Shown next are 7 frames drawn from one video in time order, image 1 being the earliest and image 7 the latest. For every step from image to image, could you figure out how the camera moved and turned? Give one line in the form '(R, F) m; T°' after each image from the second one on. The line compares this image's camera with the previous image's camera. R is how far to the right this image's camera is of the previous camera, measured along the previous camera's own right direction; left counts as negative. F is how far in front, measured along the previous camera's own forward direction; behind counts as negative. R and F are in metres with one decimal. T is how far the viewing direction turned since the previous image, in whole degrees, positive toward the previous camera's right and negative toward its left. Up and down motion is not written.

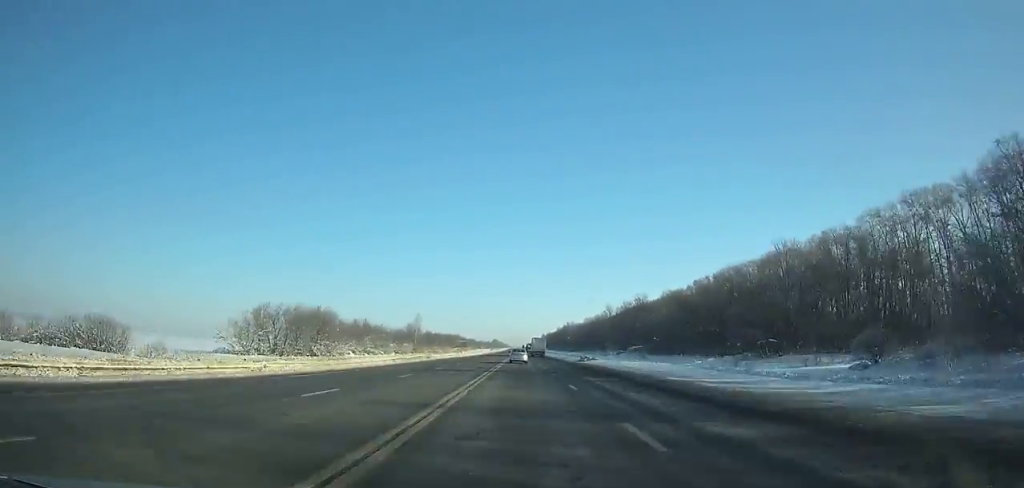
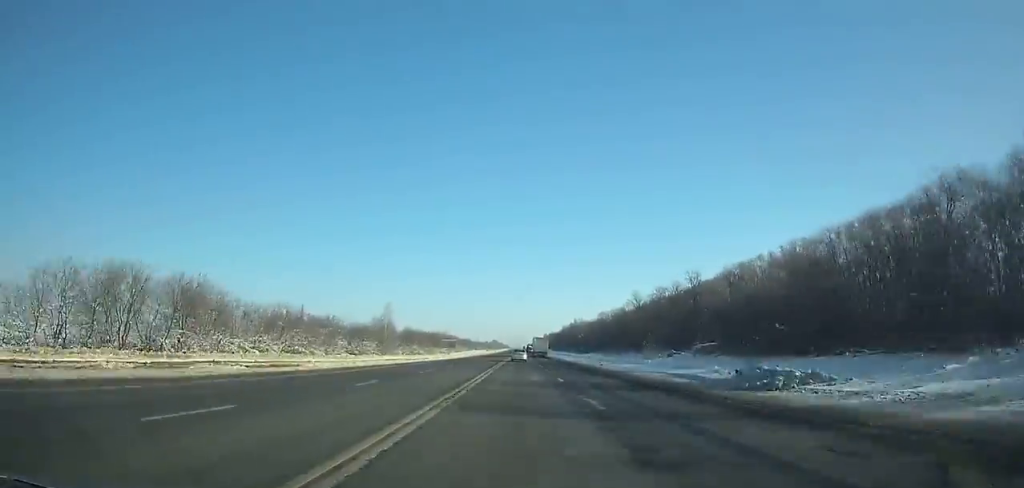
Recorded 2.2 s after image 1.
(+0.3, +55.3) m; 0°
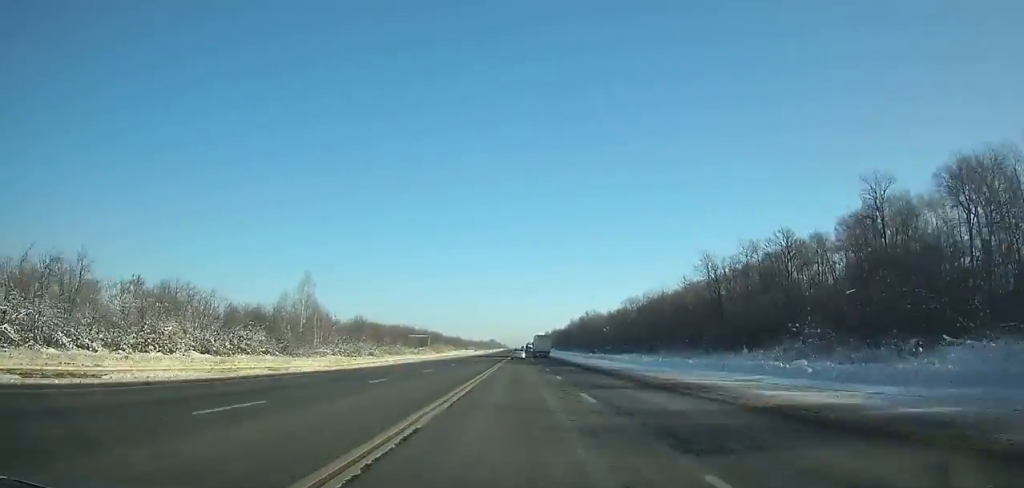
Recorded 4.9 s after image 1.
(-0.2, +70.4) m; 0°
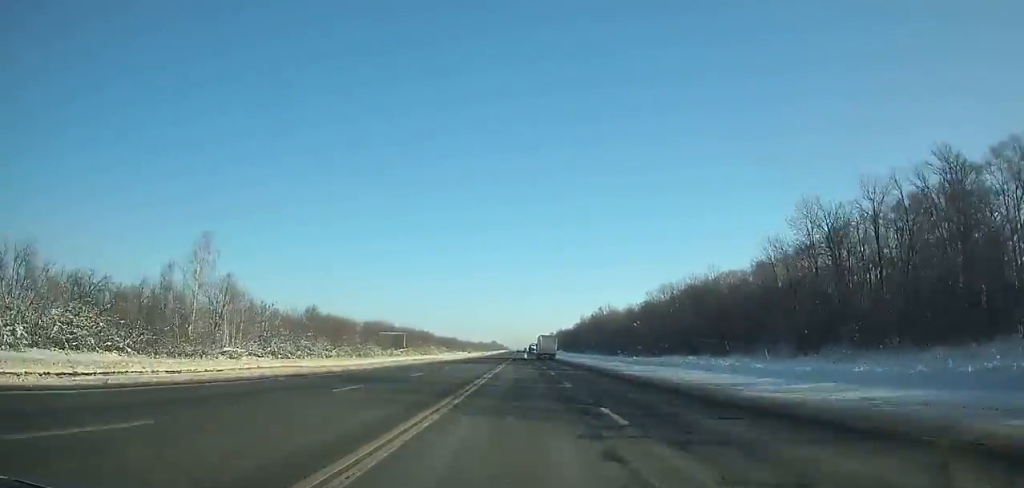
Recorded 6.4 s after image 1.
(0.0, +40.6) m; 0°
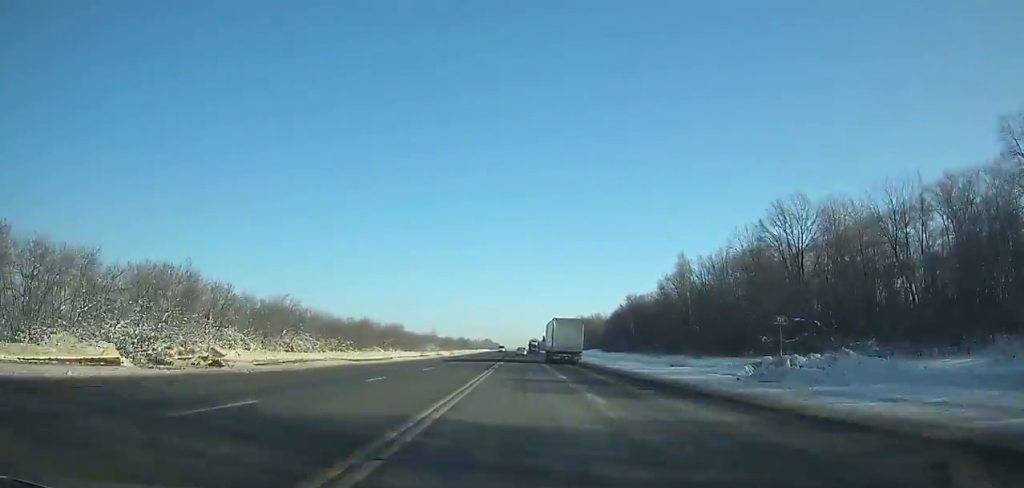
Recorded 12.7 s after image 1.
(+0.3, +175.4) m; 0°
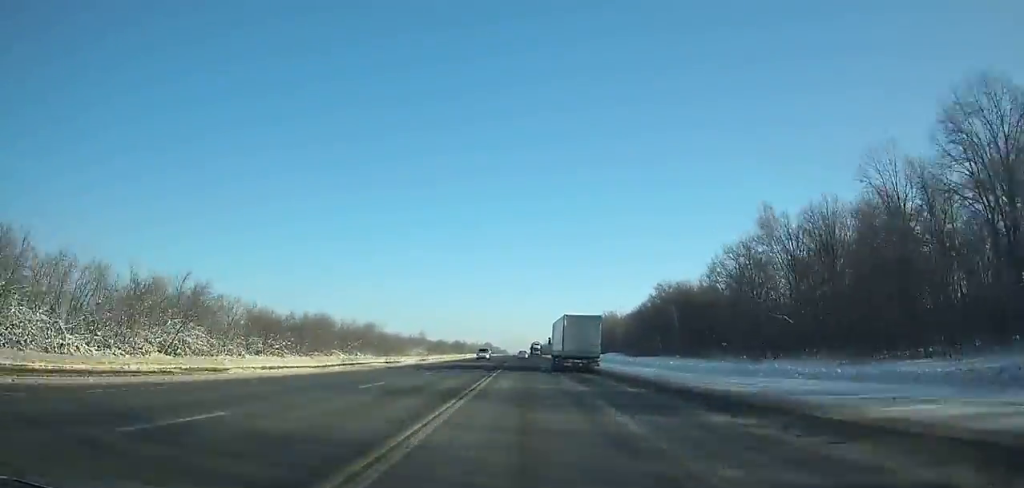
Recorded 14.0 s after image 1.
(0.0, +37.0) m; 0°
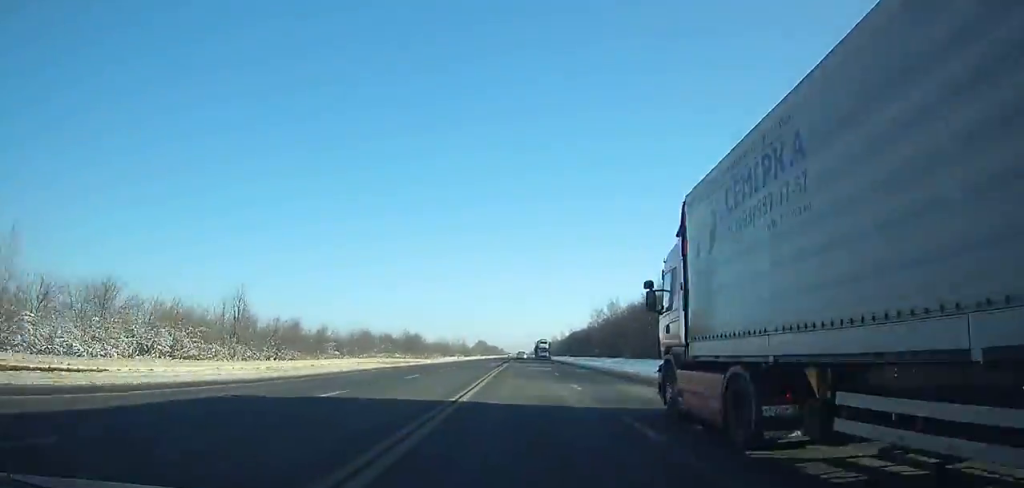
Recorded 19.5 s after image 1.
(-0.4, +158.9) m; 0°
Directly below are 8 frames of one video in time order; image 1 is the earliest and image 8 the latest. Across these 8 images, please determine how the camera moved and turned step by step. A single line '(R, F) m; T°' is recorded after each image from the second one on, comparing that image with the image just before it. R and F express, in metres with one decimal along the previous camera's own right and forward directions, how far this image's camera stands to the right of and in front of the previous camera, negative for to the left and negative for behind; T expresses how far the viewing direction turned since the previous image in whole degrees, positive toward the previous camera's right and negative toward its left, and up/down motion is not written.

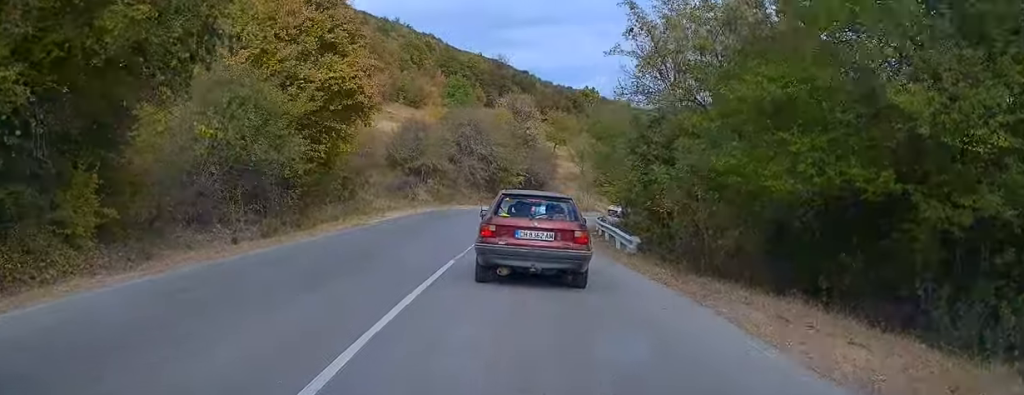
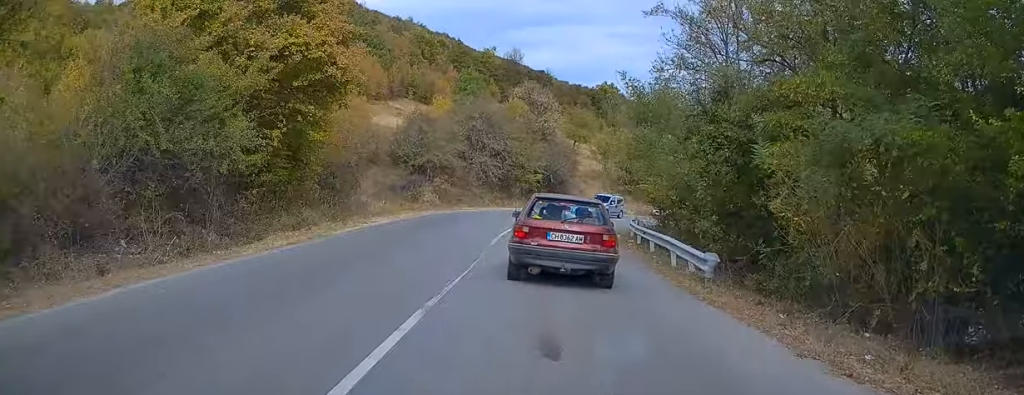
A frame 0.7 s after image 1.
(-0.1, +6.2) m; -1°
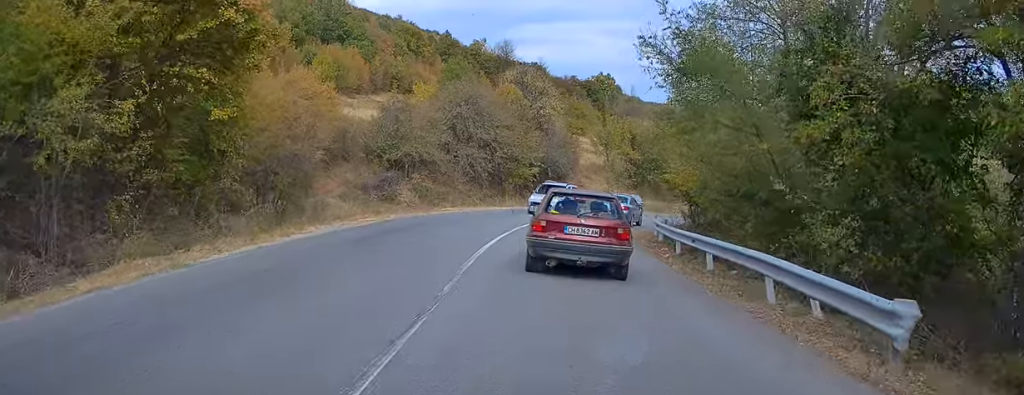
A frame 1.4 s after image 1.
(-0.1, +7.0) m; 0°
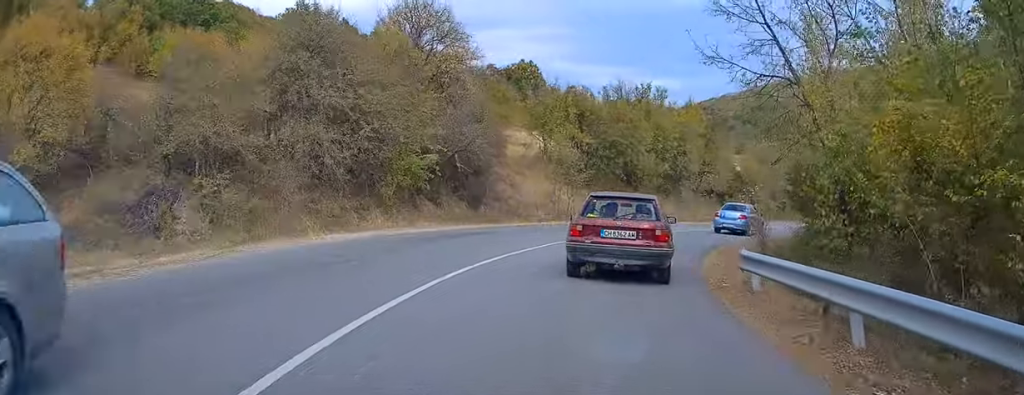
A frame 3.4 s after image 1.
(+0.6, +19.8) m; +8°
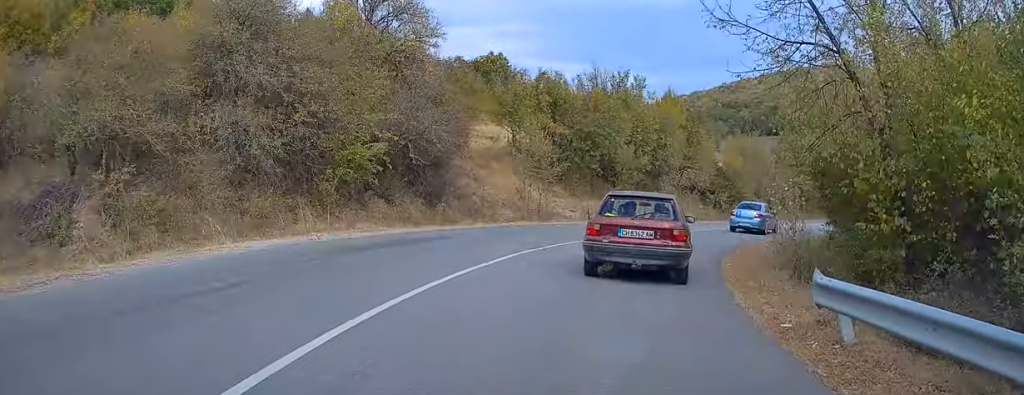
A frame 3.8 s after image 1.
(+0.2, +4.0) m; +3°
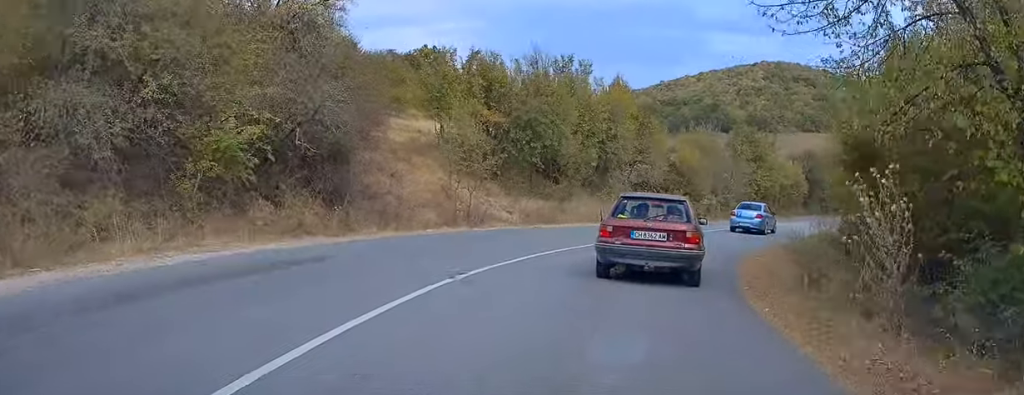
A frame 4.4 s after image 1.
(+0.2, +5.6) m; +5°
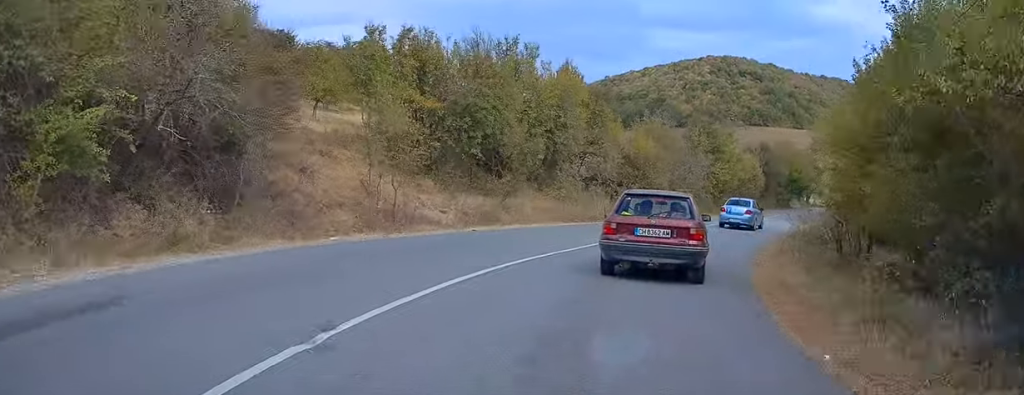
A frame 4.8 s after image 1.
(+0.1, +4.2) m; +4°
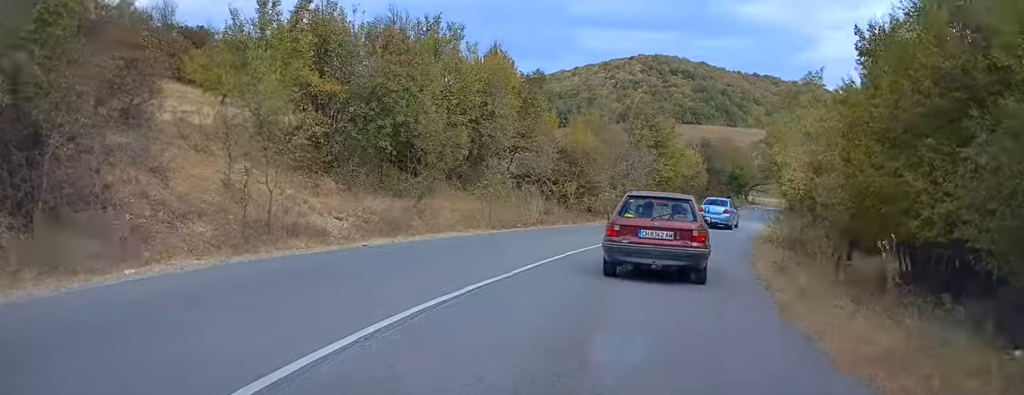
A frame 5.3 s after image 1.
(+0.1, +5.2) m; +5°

# WORK TO BE COMPLETED
What is wanted is an exact copy of the lines from the line with "Recorded 6.4 s after image 1." through the end of the records, both ends included, pictures excluded.

# EXERCISE RESULT
Recorded 6.4 s after image 1.
(0.0, +40.6) m; 0°
Recorded 12.7 s after image 1.
(+0.3, +175.4) m; 0°
Recorded 14.0 s after image 1.
(0.0, +37.0) m; 0°
Recorded 19.5 s after image 1.
(-0.4, +158.9) m; 0°
Directly below are 8 frames of one video in time order; image 1 is the earliest and image 8 the latest. Across these 8 images, please determine how the camera moved and turned step by step. A single line '(R, F) m; T°' is recorded after each image from the second one on, comparing that image with the image just before it. R and F express, in metres with one decimal along the previous camera's own right and forward directions, how far this image's camera stands to the right of and in front of the previous camera, negative for to the left and negative for behind; T expresses how far the viewing direction turned since the previous image in whole degrees, positive toward the previous camera's right and negative toward its left, and up/down motion is not written.

A frame 0.7 s after image 1.
(-0.1, +6.2) m; -1°
A frame 1.4 s after image 1.
(-0.1, +7.0) m; 0°
A frame 3.4 s after image 1.
(+0.6, +19.8) m; +8°
A frame 3.8 s after image 1.
(+0.2, +4.0) m; +3°
A frame 4.4 s after image 1.
(+0.2, +5.6) m; +5°
A frame 4.8 s after image 1.
(+0.1, +4.2) m; +4°
A frame 5.3 s after image 1.
(+0.1, +5.2) m; +5°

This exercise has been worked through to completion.